What this task involves => Each line of the records that includes "size" should be found and copied.
[Opening Task input section]
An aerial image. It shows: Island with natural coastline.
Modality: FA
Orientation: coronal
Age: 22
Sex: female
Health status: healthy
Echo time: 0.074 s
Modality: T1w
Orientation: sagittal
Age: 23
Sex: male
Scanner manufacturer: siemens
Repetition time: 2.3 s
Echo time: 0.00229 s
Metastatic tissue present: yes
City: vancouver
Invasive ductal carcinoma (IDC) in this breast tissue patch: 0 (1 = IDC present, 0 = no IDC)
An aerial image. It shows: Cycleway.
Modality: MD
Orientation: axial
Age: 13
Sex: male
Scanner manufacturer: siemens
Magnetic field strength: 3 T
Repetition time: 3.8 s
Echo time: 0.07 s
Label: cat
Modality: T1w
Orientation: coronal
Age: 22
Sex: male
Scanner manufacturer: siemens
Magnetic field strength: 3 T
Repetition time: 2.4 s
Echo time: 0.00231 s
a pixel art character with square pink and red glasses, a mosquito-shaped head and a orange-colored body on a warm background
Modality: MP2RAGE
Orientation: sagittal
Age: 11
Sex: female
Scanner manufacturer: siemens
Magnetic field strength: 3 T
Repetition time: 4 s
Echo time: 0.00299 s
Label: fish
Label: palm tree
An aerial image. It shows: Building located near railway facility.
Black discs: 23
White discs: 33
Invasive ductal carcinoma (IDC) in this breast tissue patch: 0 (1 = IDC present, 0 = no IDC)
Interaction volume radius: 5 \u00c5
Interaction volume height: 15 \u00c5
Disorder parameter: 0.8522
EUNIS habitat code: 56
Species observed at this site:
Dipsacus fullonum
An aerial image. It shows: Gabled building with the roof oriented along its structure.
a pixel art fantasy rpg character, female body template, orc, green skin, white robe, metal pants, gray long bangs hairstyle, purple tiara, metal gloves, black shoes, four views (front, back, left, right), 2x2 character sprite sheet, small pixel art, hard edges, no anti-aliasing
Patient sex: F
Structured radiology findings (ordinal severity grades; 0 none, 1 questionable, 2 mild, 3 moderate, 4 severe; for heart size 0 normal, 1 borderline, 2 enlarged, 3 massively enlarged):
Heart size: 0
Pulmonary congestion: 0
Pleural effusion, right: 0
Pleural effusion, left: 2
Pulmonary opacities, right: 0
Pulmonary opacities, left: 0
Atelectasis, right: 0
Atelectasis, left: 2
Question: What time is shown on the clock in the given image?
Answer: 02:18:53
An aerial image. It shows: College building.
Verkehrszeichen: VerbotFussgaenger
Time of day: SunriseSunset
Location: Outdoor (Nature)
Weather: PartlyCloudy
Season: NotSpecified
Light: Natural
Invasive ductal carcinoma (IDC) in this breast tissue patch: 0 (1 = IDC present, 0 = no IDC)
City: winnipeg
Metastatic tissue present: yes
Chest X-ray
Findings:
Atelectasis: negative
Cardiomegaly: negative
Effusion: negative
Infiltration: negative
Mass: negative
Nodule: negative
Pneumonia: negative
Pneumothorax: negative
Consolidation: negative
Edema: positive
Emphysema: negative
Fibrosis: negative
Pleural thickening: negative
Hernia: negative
[Closing Task input section]
Solution for this task =>
Structured radiology findings (ordinal severity grades; 0 none, 1 questionable, 2 mild, 3 moderate, 4 severe; for heart size 0 normal, 1 borderline, 2 enlarged, 3 massively enlarged):
Heart size: 0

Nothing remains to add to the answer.